Why French Polynesia Could Have the World’s First Floating City
One of the biggest challenges facing the world today is climate change. With each passing year, the rate at which our polar ice caps are melting is increasingly alarming to many across the globe. Recently in Antarctica, for example, new reports indicated that a major ice sheet is cracking at a rate of five football fields per day, lining up a potential break from the Antarctic Peninsula sometime this spring. Such reports are compelling some scientists, engineers, and architects to fundamentally rethink the cities of the future. At the forefront of that movement is the Seasteading Institute.
The California nonprofit organization—which has currently raised about $2.5 million from more than 1,000 interested donors—is spearheading a plan called the Floating City Project. The blueprint is to build a cluster of buoyant dwellings that showcases innovations in solar power, sustainable aquaculture, and ocean-based wind farms. Recently, the French Polynesian government signed a historic agreement with the Seasteading Institute to work together on a legal framework to allow for the development of the Floating Island Project.
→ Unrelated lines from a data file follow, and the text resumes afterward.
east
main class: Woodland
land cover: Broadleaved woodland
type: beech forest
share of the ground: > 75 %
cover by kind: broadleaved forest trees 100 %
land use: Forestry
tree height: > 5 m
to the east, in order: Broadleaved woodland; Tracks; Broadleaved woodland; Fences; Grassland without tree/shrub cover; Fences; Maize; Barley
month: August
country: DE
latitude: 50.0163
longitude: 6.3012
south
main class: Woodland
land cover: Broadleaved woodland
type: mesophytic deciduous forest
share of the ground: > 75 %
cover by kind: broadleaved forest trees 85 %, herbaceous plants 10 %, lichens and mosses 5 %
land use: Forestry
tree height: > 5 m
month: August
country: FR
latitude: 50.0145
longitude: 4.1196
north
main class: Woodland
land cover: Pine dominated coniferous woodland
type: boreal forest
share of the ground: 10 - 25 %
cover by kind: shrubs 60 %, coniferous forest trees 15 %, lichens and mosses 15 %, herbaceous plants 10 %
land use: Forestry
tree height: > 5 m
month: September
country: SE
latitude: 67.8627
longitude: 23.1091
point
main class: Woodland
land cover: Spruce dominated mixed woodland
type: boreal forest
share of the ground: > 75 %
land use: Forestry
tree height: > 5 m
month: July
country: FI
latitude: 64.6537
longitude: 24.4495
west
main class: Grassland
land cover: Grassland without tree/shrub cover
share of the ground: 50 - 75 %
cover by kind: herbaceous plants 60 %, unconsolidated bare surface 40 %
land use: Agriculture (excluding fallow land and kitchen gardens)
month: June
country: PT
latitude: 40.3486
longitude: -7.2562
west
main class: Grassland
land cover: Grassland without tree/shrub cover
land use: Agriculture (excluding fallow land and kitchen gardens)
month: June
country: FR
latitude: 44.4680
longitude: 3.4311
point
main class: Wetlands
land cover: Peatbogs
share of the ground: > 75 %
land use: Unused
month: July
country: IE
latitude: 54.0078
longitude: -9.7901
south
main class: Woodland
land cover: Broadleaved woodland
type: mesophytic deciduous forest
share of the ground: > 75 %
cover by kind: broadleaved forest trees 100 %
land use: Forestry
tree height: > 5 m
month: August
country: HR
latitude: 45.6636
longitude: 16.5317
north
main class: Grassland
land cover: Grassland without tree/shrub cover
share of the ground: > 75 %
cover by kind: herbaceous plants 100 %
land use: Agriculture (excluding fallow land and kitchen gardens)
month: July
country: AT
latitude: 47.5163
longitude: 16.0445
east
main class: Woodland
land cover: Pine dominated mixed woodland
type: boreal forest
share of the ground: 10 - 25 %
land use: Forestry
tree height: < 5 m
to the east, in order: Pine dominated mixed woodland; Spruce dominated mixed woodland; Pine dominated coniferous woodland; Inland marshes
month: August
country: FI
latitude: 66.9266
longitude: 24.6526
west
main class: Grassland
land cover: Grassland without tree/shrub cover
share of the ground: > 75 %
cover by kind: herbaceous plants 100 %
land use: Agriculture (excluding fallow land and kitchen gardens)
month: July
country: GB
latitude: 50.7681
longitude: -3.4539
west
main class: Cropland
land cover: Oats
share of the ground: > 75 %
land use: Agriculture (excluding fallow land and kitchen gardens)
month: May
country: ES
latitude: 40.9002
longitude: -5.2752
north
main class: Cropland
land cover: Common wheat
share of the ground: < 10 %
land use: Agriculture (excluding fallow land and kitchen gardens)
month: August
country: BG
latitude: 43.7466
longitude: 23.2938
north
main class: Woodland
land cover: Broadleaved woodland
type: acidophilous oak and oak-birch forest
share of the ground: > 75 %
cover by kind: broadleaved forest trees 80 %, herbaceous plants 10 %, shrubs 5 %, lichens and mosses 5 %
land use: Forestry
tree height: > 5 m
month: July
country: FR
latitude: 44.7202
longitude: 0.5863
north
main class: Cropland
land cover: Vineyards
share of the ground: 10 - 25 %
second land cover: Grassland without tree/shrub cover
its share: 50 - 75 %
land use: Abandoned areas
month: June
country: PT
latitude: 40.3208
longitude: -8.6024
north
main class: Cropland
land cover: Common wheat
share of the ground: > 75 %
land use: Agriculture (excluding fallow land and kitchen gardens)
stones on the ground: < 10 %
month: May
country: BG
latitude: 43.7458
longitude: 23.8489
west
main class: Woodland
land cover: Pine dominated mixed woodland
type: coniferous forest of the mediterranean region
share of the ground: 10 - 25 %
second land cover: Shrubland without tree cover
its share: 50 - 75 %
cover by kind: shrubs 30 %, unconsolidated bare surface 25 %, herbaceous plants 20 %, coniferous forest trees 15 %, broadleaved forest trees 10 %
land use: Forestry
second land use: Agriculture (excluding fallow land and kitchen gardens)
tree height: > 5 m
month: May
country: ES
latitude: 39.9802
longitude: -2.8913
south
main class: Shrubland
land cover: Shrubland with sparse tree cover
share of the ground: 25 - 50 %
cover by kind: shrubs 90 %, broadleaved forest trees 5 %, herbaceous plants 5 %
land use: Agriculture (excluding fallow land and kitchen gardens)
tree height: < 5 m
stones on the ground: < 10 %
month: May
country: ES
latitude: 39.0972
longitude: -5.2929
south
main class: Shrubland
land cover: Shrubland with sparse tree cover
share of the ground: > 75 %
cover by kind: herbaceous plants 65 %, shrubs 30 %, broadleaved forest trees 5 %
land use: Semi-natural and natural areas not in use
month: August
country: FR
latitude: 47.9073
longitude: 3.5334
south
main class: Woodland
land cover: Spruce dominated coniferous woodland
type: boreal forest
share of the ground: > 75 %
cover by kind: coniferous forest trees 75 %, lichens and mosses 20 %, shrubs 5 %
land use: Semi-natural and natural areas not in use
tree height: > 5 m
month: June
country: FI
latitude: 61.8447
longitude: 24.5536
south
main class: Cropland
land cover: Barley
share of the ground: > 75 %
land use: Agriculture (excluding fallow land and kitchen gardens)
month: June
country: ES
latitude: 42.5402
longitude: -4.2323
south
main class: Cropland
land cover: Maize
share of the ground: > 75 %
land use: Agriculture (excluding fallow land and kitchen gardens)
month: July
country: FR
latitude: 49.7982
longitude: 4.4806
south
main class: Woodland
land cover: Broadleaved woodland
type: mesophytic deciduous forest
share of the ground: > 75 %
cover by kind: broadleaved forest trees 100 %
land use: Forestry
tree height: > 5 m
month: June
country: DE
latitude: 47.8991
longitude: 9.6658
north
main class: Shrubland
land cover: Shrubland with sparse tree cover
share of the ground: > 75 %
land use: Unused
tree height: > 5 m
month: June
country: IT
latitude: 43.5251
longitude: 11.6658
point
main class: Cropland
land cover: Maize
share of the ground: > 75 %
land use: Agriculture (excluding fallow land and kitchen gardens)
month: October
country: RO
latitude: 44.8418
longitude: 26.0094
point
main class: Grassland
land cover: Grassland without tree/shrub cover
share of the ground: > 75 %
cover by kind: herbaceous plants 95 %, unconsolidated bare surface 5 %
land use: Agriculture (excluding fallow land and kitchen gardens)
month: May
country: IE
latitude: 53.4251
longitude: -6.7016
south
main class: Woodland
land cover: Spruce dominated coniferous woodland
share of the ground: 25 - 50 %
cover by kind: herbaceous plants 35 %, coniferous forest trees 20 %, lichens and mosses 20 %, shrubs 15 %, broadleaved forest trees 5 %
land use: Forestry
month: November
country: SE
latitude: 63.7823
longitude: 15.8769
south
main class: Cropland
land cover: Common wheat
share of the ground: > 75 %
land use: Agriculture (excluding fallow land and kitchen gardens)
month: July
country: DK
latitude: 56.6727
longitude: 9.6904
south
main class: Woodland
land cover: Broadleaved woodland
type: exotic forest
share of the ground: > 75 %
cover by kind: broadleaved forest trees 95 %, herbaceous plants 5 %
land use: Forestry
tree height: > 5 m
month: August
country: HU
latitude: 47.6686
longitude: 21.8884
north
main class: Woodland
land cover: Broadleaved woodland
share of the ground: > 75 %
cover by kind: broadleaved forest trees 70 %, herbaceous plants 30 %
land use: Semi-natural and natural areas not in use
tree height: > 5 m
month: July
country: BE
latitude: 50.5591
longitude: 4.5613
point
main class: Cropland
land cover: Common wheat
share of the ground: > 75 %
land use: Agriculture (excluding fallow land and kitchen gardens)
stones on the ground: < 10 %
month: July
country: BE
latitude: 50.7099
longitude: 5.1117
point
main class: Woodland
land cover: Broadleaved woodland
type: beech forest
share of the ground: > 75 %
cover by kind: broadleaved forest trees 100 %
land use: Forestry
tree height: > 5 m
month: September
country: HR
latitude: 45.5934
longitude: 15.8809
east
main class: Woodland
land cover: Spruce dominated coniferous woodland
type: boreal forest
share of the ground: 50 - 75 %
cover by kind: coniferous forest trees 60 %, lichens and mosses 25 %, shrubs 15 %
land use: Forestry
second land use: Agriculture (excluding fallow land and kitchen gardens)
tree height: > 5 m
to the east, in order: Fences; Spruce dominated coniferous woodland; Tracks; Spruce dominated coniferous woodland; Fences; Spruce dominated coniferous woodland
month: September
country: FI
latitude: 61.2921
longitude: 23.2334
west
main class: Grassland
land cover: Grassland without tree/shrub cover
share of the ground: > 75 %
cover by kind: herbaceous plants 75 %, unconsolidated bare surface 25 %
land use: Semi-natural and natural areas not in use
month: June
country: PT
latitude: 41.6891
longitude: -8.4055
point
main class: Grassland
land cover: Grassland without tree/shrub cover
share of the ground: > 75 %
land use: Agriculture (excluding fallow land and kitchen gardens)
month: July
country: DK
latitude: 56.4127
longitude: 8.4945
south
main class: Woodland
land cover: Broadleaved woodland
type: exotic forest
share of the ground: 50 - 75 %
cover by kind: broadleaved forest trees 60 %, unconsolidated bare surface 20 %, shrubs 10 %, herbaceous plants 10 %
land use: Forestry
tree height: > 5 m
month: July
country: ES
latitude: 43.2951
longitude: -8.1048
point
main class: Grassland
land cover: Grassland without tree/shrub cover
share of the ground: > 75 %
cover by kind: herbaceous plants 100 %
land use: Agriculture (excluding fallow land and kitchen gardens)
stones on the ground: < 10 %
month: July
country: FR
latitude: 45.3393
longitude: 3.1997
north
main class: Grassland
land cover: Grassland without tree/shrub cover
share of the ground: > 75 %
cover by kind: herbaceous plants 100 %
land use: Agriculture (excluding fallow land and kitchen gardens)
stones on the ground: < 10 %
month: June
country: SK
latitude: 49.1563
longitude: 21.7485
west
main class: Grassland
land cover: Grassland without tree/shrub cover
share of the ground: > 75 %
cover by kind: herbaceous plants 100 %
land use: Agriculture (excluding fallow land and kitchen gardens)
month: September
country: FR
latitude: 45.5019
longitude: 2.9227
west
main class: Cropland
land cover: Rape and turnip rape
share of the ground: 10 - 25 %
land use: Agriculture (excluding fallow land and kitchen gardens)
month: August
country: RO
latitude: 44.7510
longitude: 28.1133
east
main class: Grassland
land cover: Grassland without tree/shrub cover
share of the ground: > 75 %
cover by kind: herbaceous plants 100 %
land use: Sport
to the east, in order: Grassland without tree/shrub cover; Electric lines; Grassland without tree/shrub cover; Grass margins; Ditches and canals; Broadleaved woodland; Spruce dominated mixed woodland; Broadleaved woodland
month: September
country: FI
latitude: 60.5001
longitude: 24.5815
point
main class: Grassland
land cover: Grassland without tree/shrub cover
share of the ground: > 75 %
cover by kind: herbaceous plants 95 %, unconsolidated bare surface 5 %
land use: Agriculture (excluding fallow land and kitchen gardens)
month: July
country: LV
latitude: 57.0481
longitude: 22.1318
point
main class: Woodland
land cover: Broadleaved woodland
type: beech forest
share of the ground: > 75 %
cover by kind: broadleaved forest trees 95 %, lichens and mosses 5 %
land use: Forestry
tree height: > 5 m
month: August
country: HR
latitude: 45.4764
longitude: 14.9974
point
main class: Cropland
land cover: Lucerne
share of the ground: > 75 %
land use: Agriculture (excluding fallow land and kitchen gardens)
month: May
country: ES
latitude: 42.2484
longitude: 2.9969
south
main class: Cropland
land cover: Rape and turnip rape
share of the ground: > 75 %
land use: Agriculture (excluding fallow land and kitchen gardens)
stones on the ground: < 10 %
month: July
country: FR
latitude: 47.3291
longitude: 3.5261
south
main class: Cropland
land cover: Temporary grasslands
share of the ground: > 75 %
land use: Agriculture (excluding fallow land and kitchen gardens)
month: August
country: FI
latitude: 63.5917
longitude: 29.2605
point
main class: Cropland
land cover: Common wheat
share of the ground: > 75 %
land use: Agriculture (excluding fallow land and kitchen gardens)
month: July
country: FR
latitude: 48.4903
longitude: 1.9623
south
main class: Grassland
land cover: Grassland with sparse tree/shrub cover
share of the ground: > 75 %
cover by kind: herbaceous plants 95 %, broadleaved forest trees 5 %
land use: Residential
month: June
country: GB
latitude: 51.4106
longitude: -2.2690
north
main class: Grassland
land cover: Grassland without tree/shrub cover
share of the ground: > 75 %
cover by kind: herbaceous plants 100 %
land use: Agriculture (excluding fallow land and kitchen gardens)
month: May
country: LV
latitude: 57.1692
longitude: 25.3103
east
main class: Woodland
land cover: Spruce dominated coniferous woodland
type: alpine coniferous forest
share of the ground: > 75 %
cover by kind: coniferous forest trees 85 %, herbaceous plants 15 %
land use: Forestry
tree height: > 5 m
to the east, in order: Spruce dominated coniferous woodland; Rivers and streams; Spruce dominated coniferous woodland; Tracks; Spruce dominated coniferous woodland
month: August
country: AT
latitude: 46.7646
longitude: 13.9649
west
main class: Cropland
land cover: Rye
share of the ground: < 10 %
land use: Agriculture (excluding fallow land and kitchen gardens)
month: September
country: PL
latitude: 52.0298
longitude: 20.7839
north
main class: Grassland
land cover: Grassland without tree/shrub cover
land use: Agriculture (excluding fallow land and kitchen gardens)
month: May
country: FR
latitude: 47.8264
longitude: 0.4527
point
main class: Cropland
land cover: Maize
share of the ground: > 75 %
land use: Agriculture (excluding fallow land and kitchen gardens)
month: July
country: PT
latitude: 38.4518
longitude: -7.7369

French Polynesia, which comprises more than 100 islands in the South Pacific, seems like an ideal locale to explore the possibility of sea-dwelling communities, as its own territory is at the mercy of rising ocean levels.
According to the agreement, after economic, environmental, and architectural research in and around French Polynesia has been completed (much of which has been under way for years), the government will collaborate with the Seasteading Institute to develop a “special governing framework” for a land base and sea zone. The goal is to achieve this by the end of the year.